Em comparação com os mais velhos, os judeus americanos mais jovens estão superrepresentados nas extremidades do espectro de afiliação religiosa: uma parcela maior é secular e uma parcela maior é ortodoxa.

Ari Hart, 39, um rabino ortodoxo em Skokie, Illinois, aceitou o fato de que seu sionismo o torna indesejável em alguns espaços ativistas onde, de outra forma, ele se sentiria confortável. Estudantes universitários em sua congregação estão despertando para a mesma tensão, disse ele. Você vai para o campus de uma faculdade e quer se envolver com o trabalho anti-racista ou de justiça social, mas se você apoia o estado de Israel, você é o problema, disse ele.

Hart vê um crescente ceticismo nos círculos judaicos liberais sobre o direito de Israel de existir. Esta é uma geração que está muito comovida e inspirada pelas causas da justiça social e quer estar do lado certo da justiça, disse Hart. Mas eles estão caindo em narrativas excessivamente simplistas e narrativas conduzidas por verdadeiros inimigos do povo judeu.

No geral, os judeus americanos mais jovens são menos apegados a Israel do que as gerações mais velhas: cerca de metade dos adultos judeus com menos de 30 anos se descrevem como emocionalmente ligados a Israel, em comparação com cerca de dois terços dos judeus com mais de 64 anos, de acordo com uma grande pesquisa publicada na semana passada por o Pew Research Center.

E embora a população judaica dos EUA seja 92% branca, com todas as outras raças somadas respondendo por 8%, entre os judeus de 18 a 29 anos isso sobe para 15%.

Em Los Angeles, Rachel Sumekh, 29, uma judia iraniana-americana de primeira geração, vê camadas complicadas na história de sua própria família persa. Sua mãe escapou do Irã nas costas de um camelo, viajando à noite até chegar ao Paquistão, onde foi acolhida como refugiada. Ela então encontrou asilo em Israel. Ela acredita que Israel tem direito à autodeterminação, mas também achou horrível ouvir um embaixador israelense sugerir que outros países árabes deveriam aceitar os palestinos.

Foi isso que aconteceu com meu povo e criou esse trauma intergeracional de perder nossa pátria por causa do ódio, disse ela.

Toda a situação parece muito volátil e perigosa para muitas pessoas sequer quererem discutir, especialmente publicamente.

A violência contra os judeus está cada vez mais perto de casa. No ano passado, o terceiro maior número de incidentes anti-semitas nos Estados Unidos foi registrado desde que a Liga Anti-Difamação começou a catalogá-los em 1979, de acordo com um relatório divulgado pelo grupo de direitos civis no mês passado. A ADL registrou mais de 1.200 incidentes de assédio anti-semita em 2020, um aumento de 10% em relação ao ano anterior. Em Los Angeles, a polícia está investigando um ataque generalizado a clientes na calçada de um restaurante de sushi na terça-feira como um crime de ódio anti-semita.

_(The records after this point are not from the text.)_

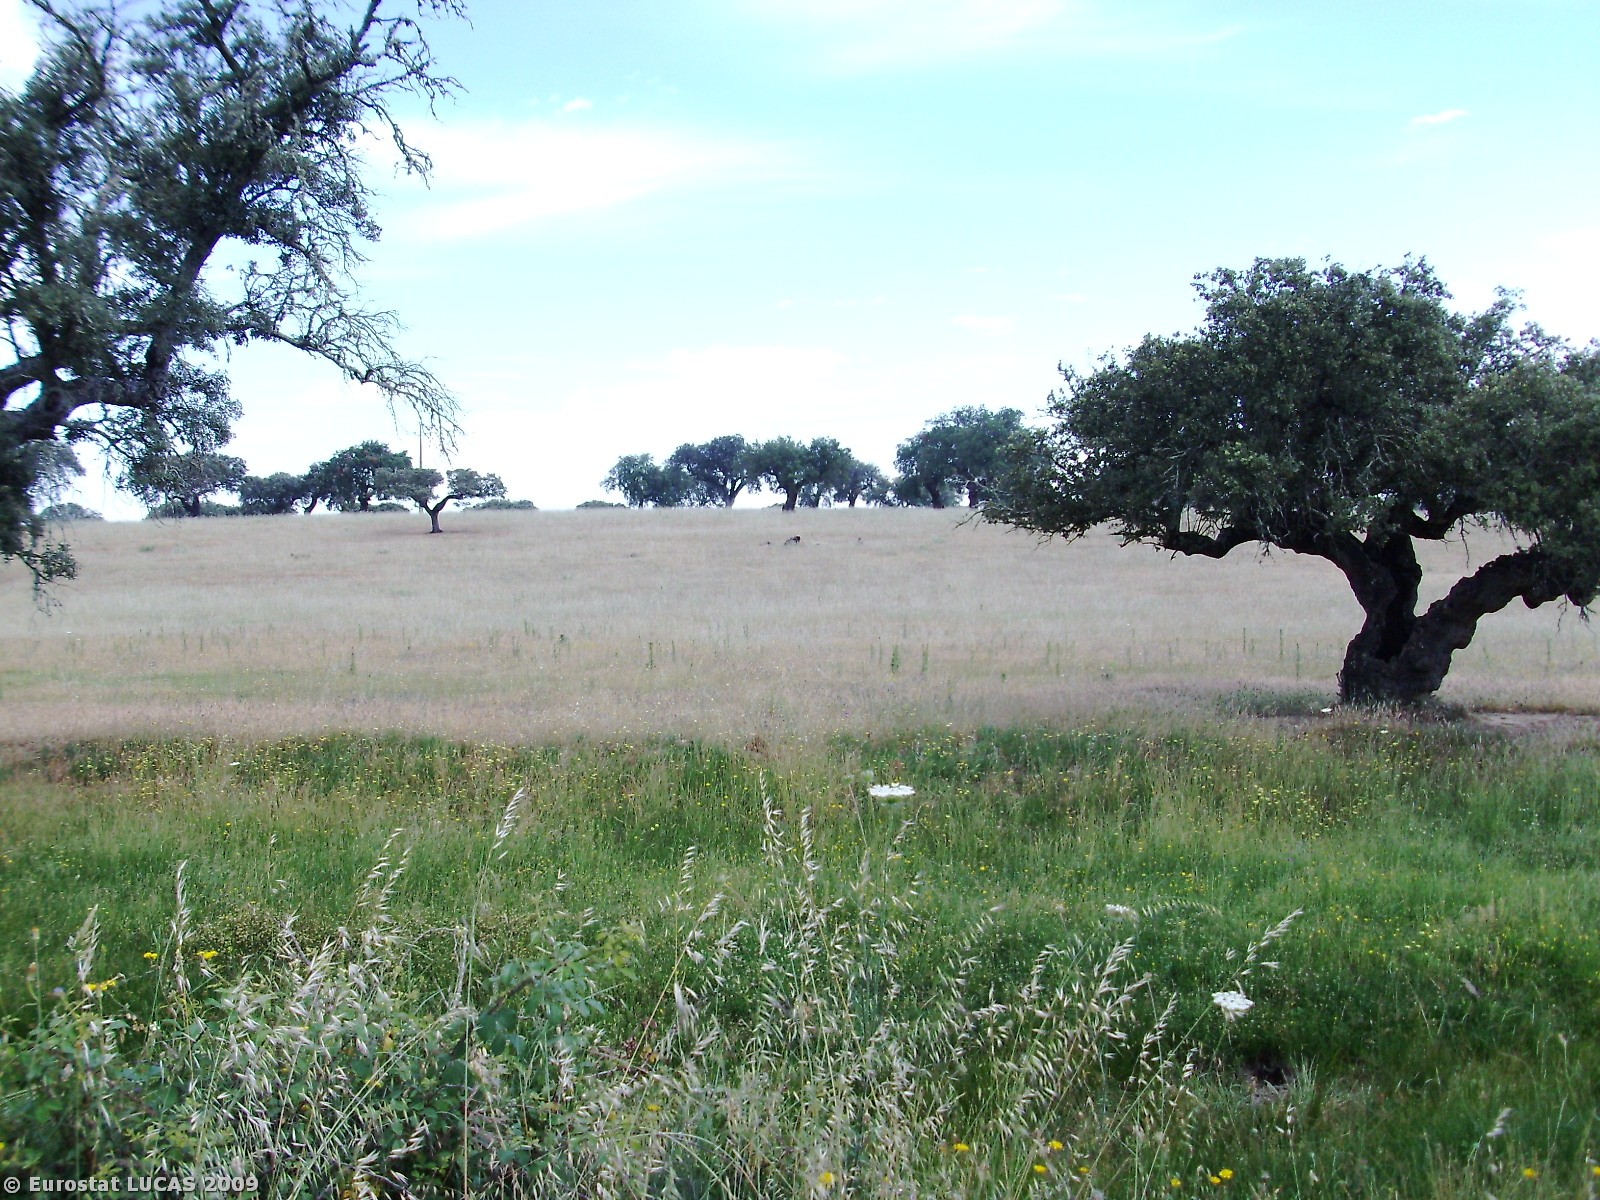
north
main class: Grassland
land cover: Grassland with sparse tree/shrub cover
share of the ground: > 75 %
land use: Agriculture (excluding fallow land and kitchen gardens)
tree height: > 5 m
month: June
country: PT
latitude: 39.1899
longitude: -7.4411

Fora de Cleveland, Jennifer Kaplan, 39, que cresceu em uma família ortodoxa moderna e que se considera uma democrata centrista e sionista, lembra-se de ter estudado no exterior na Universidade Hebraica em 2002 e de estar no refeitório minutos antes do bombardeio. Agora ela se perguntava como a era Trump havia afetado sua inclinação para ver a humanidade nos outros, e ela desejou que seus filhos fossem um pouco mais velhos para que ela pudesse conversar com eles sobre o que está acontecendo.

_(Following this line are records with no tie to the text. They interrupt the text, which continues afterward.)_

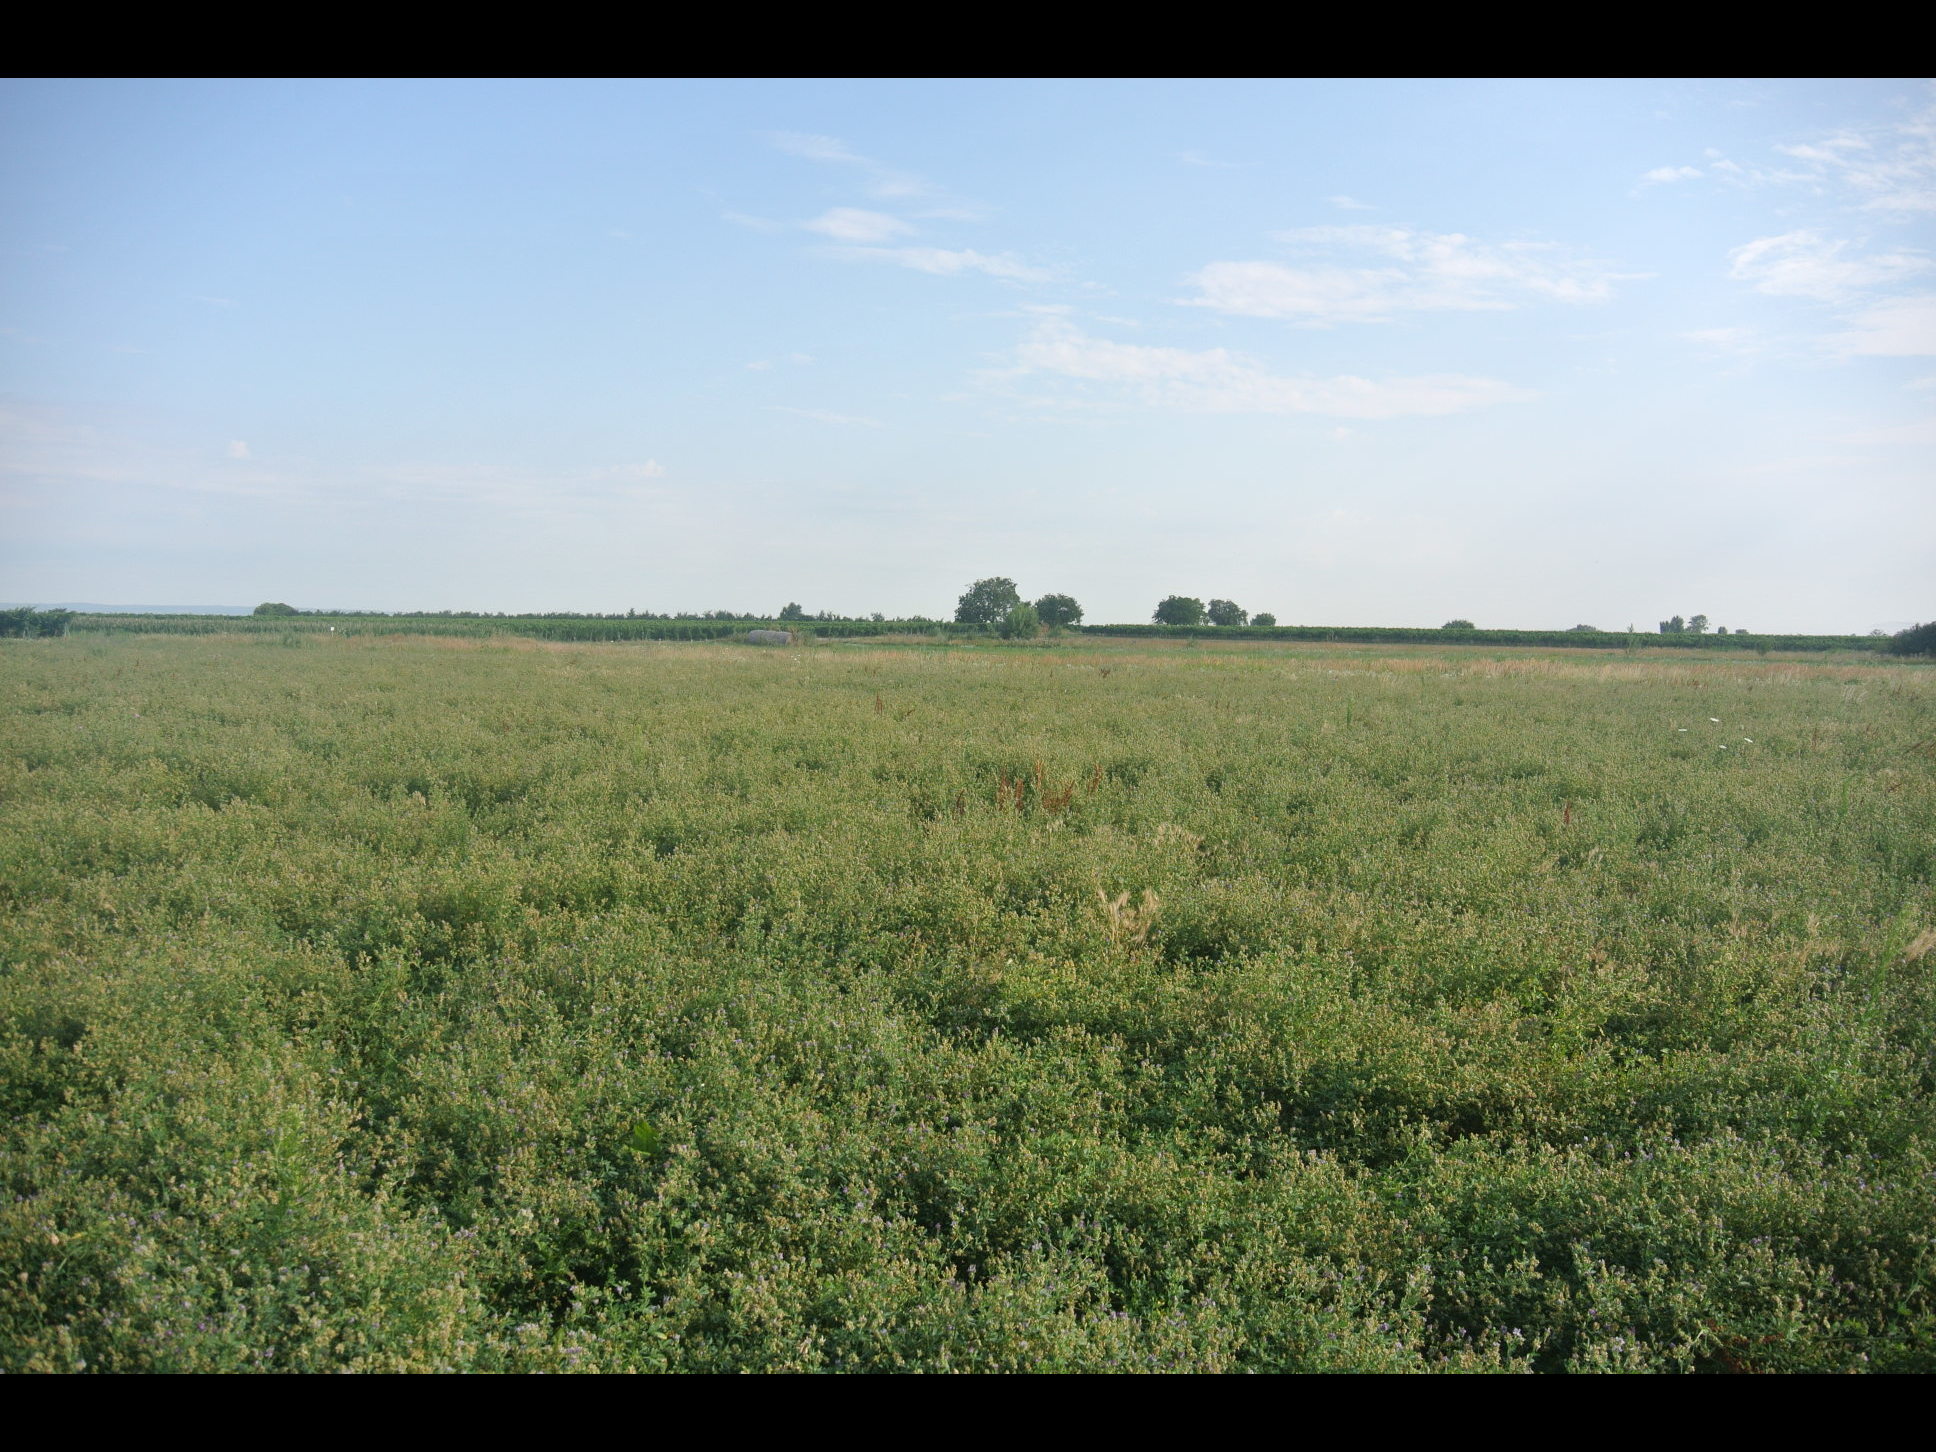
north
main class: Cropland
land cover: Clovers
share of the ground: > 75 %
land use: Agriculture (excluding fallow land and kitchen gardens)
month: July
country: AT
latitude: 47.7772
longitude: 16.8253

Quero que eles entendam que esta é uma situação muito complicada e que eles devem questionar as coisas, disse ela. Eu quero que eles entendam que isso não é apenas, eu não sei, eu acho, utopia da religião judaica.

Esther Katz, diretora de artes cênicas do Centro Comunitário Judaico em Omaha, Nebraska, passou um tempo significativo em Israel. Ela também participou dos protestos do Black Lives Matter em Omaha no verão passado e tem cartazes apoiando o movimento nas janelas de sua casa.

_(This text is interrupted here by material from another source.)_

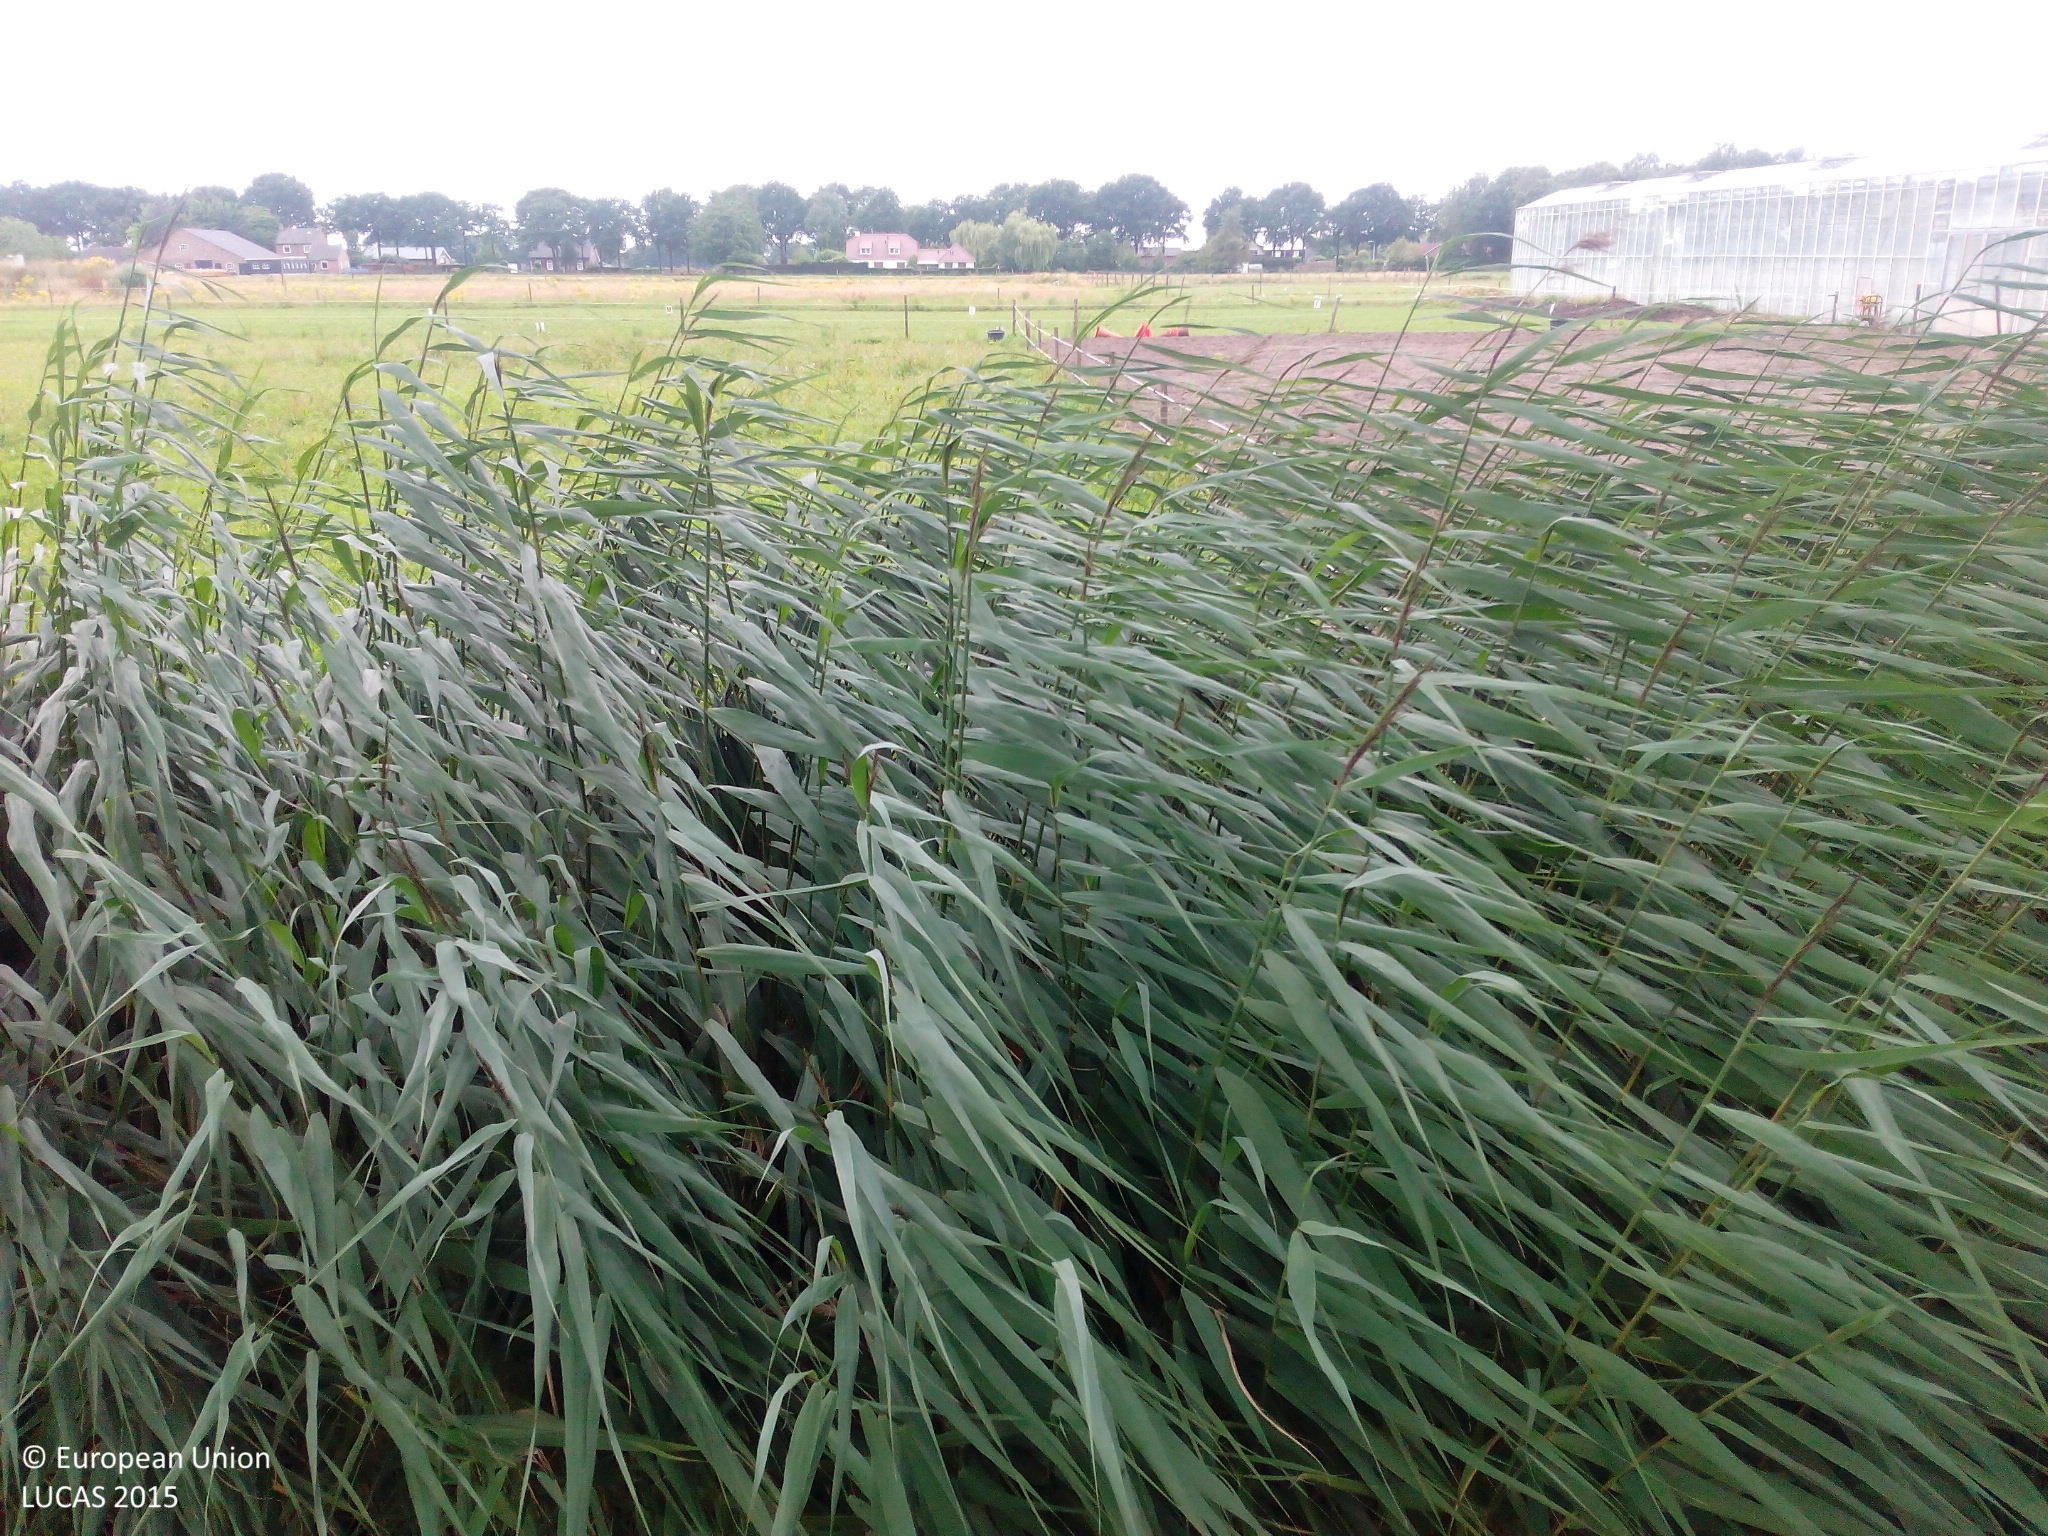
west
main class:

Ela observou com um sentimento de traição alguns de seus aliados naquele movimento postarem online sobre seu apoio aparentemente inequívoco aos palestinos, comparando Israel à Alemanha nazista. Tive algumas conversas realmente difíceis, disse Katz, um judeu conservador. Eles não estão vendo os fatos, estão apenas lendo a propaganda.

Seus três filhos, com idades entre 7 e 13 anos, agora desconfiam de um país que é para Katz um dos lugares mais importantes do mundo. Eles são como, 'Eu não entendo por que alguém iria querer viver em Israel, ou mesmo visitar,' ela disse. Isso parte meu coração.